### Task details
From top to bottom, retype the data exactly, passing over any picture.

+++ Material provided

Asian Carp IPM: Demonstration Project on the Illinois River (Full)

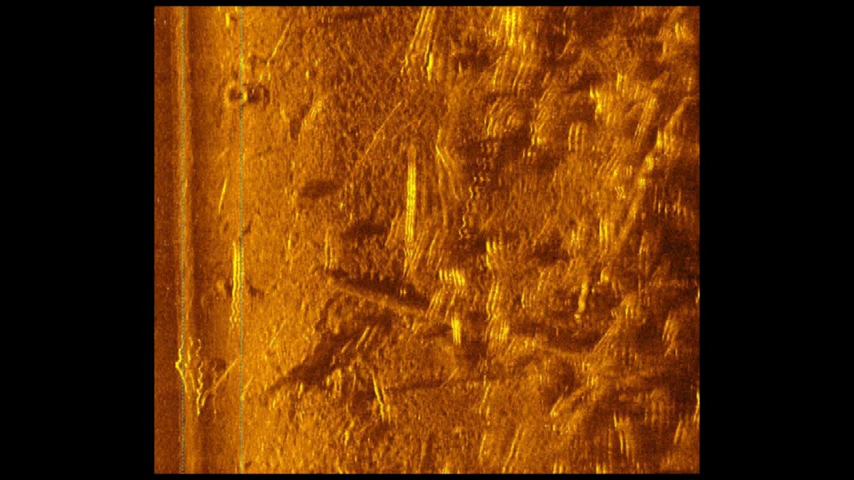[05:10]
images much like a medical ultrasound sonogram. The advantage of sonar is that you can see through dark or cloudy water in zero visibility conditions.
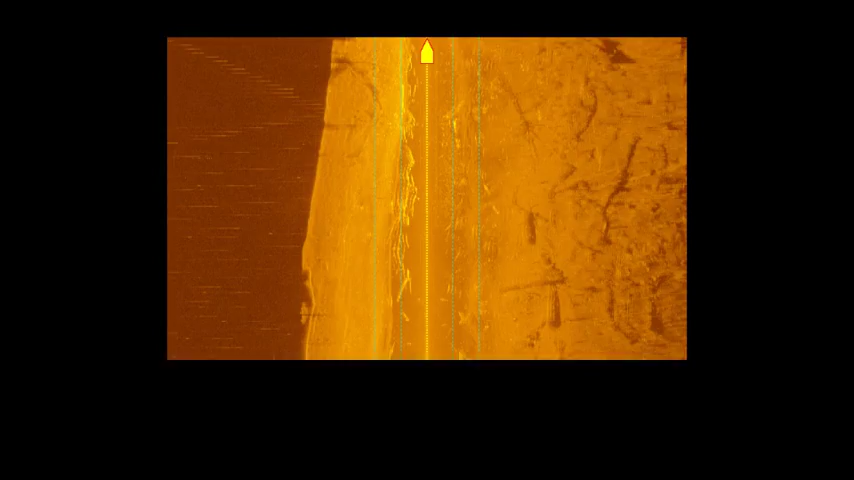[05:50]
The digital data taken in the field were processed after returning to the lab to provide detailed echograms or sound pictures of carp concentrations that allow for population estimation.
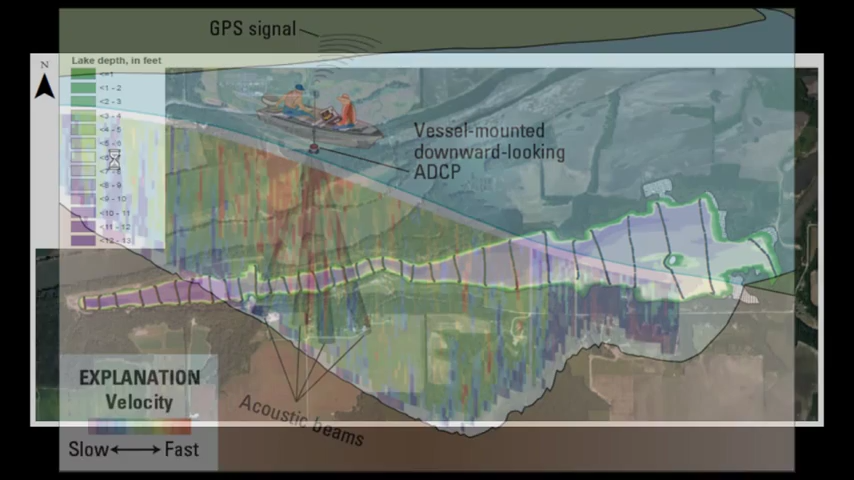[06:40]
Bathymetry provided the measured depth and volume of the water in the study area.
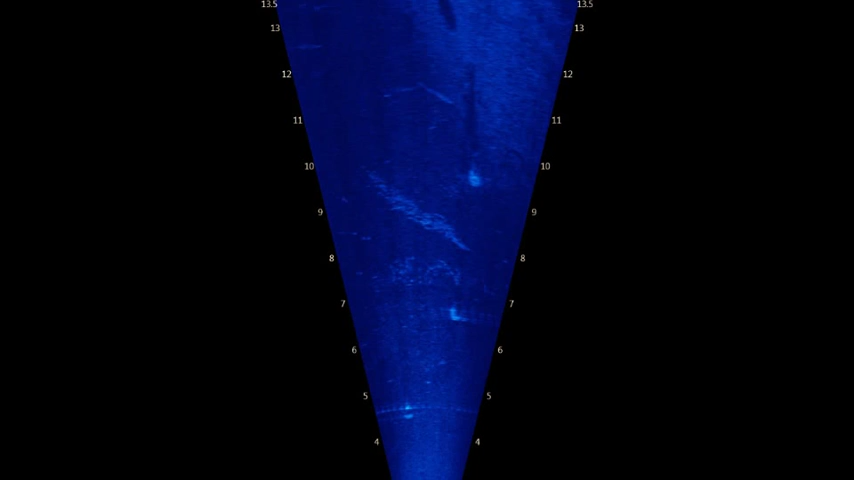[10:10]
data on carp and other fish sizes and movement as well as distance from the food source were recorded as digital data for post-processing evaluations and to guide future applications.

++++++

### Exercise output
Asian Carp IPM: Demonstration Project on the Illinois River (Full)

[05:10]
images much like a medical ultrasound sonogram. The advantage of sonar is that you can see through dark or cloudy water in zero visibility conditions.
[05:50]
The digital data taken in the field were processed after returning to the lab to provide detailed echograms or sound pictures of carp concentrations that allow for population estimation.
[06:40]
Bathymetry provided the measured depth and volume of the water in the study area.
[10:10]
data on carp and other fish sizes and movement as well as distance from the food source were recorded as digital data for post-processing evaluations and to guide future applications.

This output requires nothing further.